» Problem requirements
Copy exactly, no pictures: every line from the one that contains "Which beetle species" through the end of the entries below.

» Records for the exercise
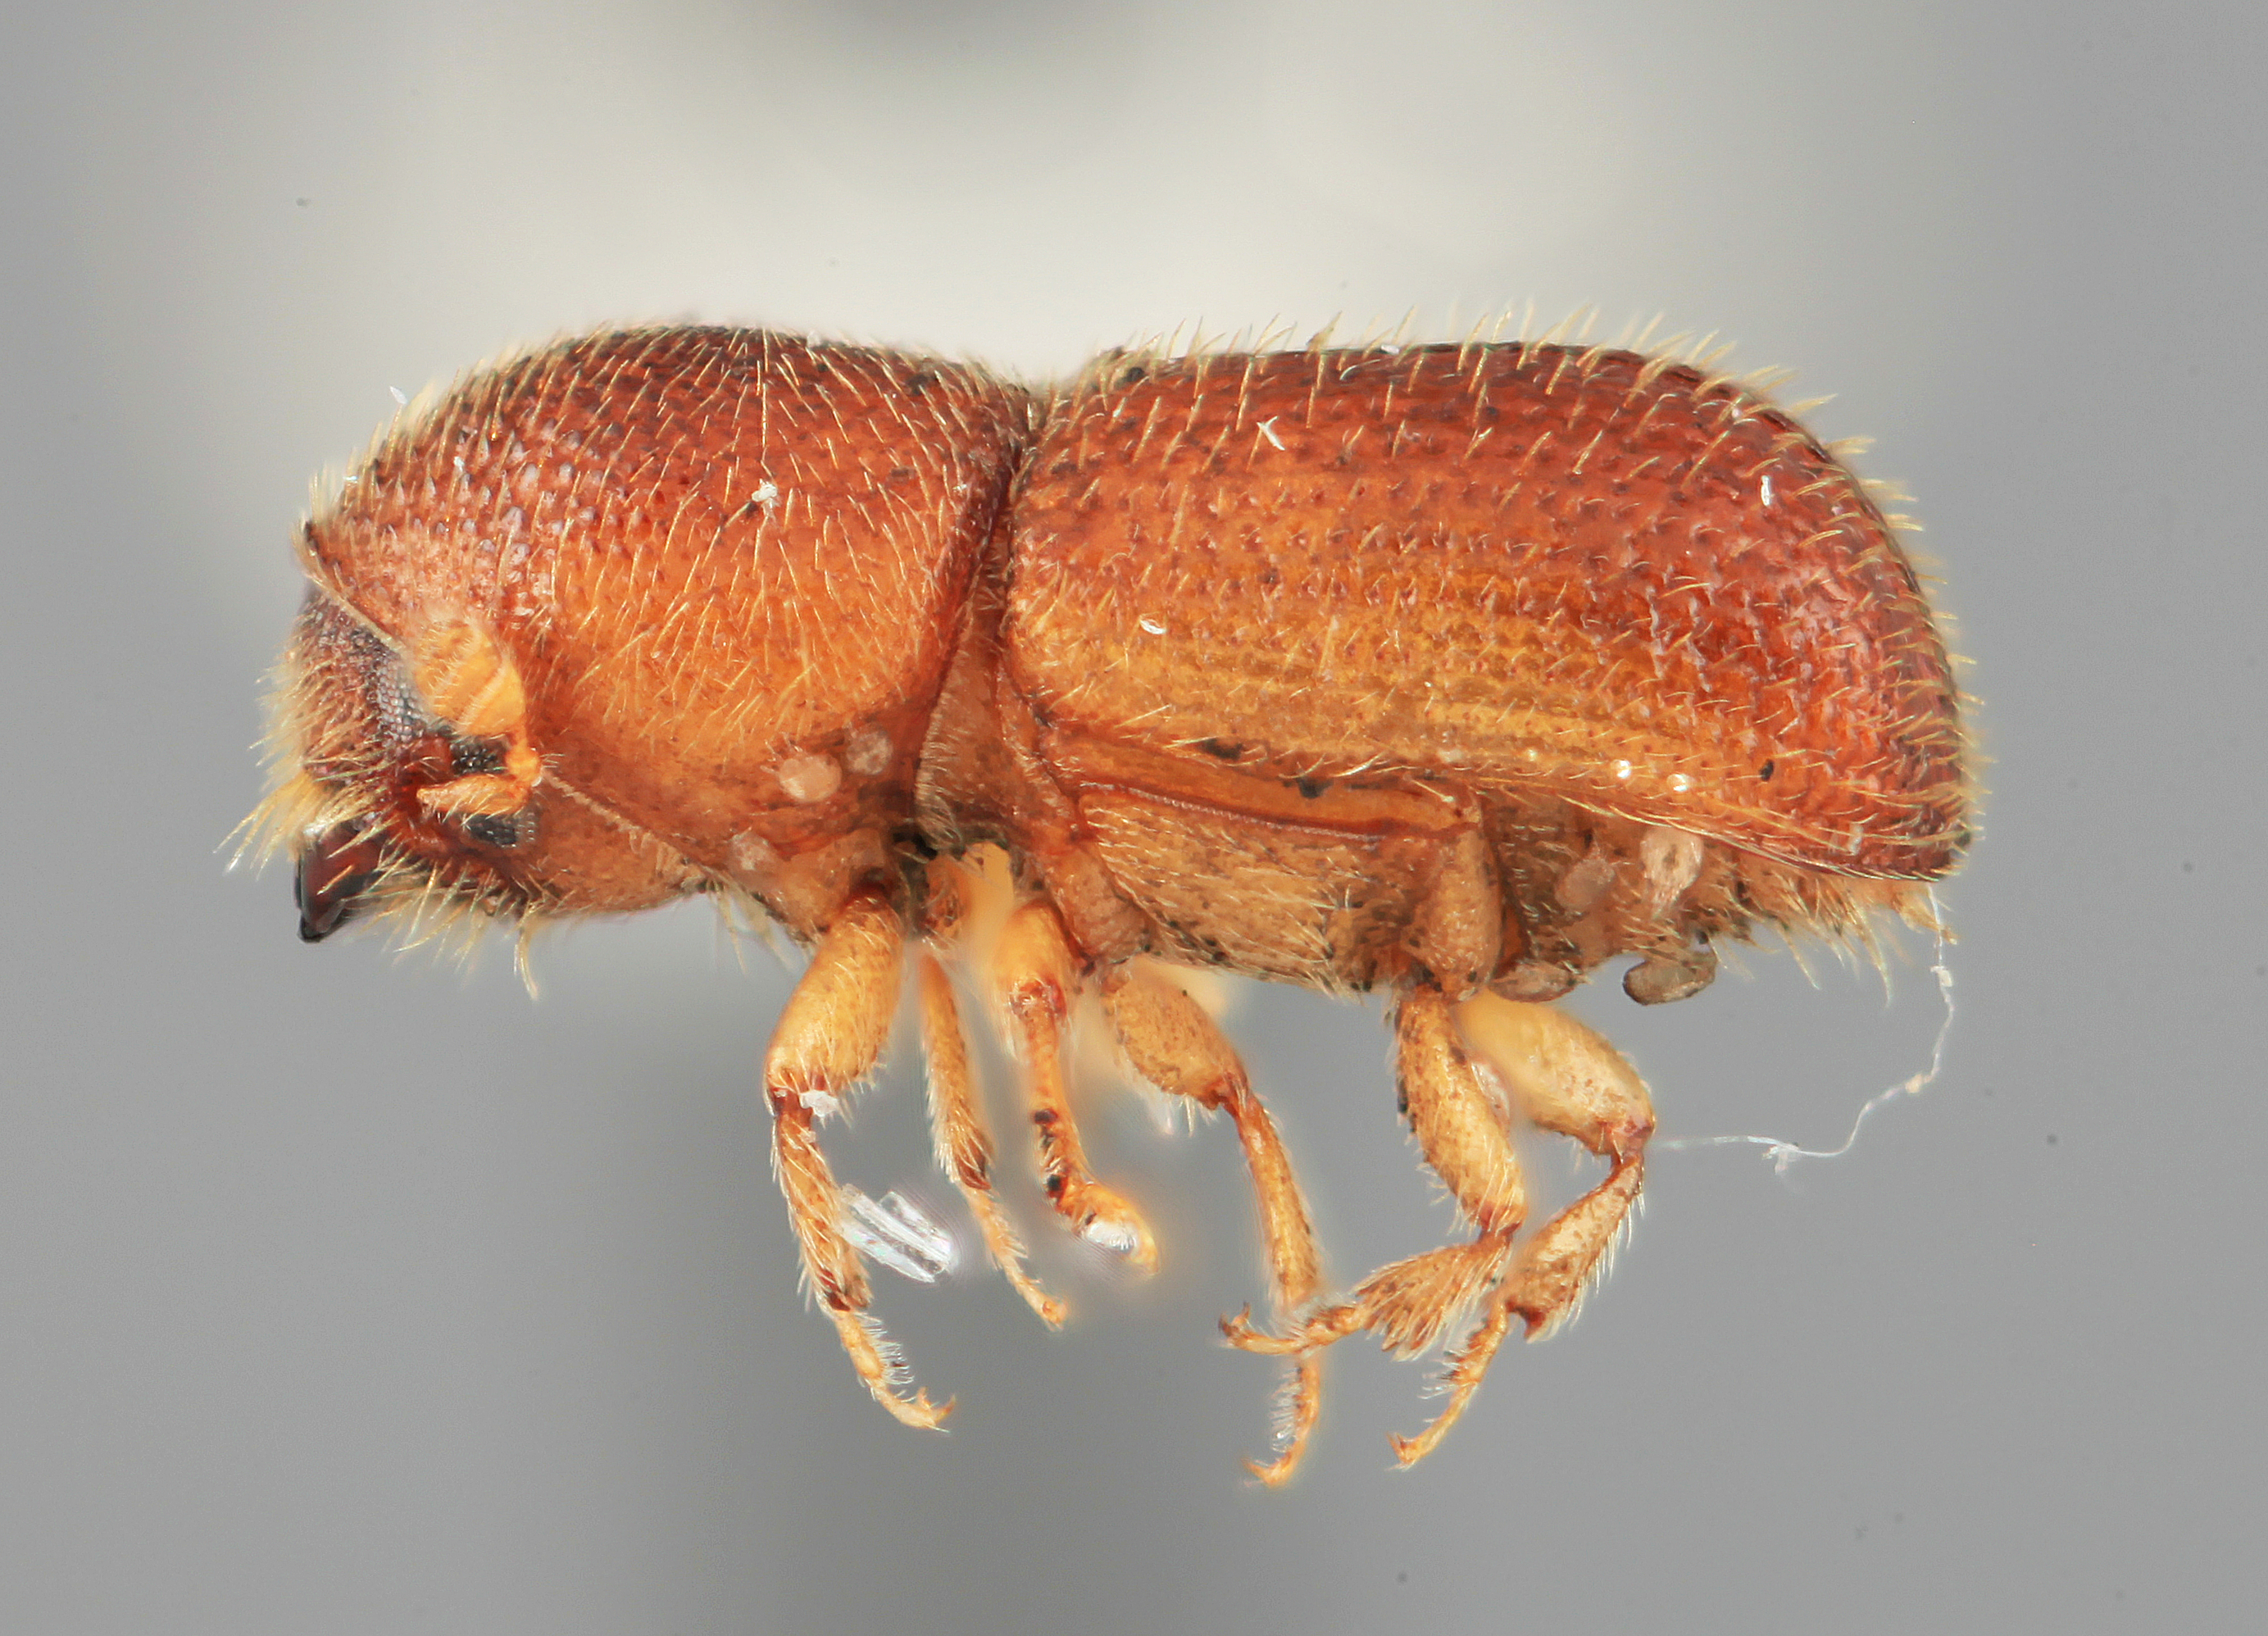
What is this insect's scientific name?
Dendroterus modicus
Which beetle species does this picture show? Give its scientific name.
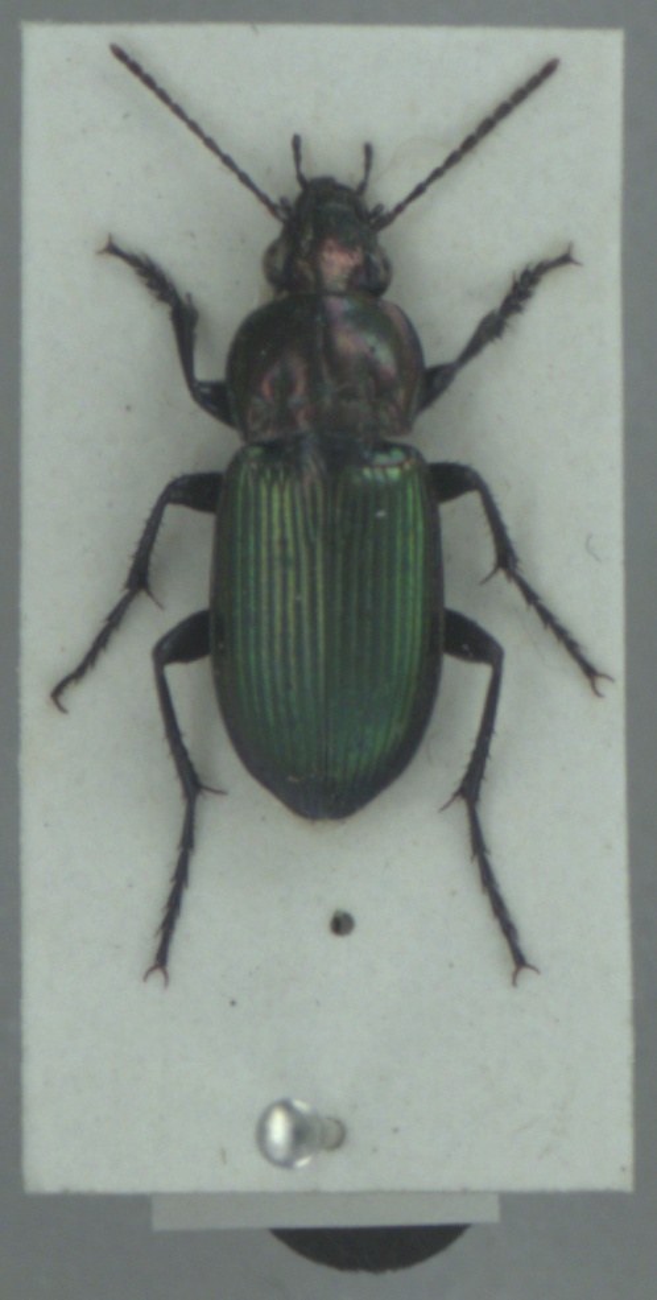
Poecilus kugelanni
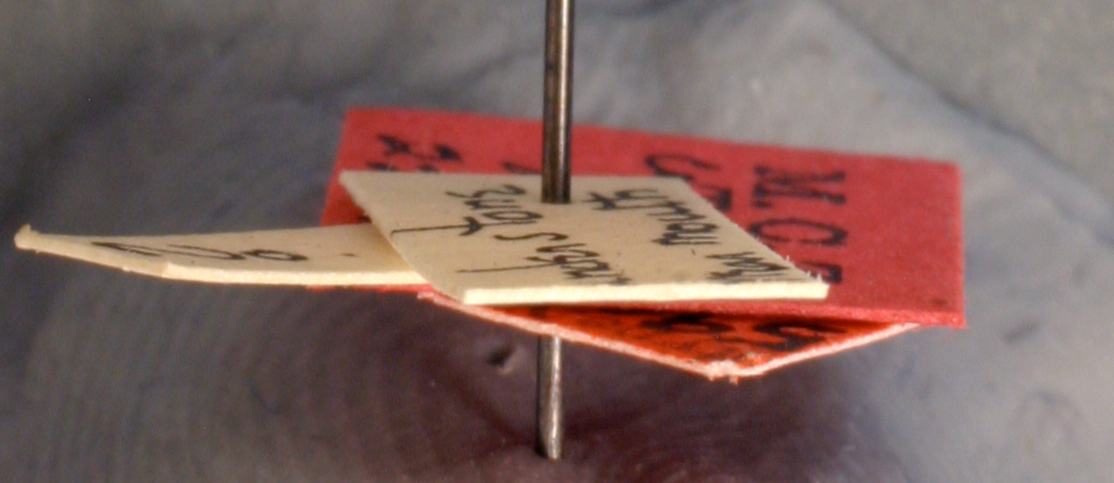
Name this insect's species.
Brachymyrmex cavernicola

» Result of this exercise
Which beetle species does this picture show? Give its scientific name.
Poecilus kugelanni
Name this insect's species.
Brachymyrmex cavernicola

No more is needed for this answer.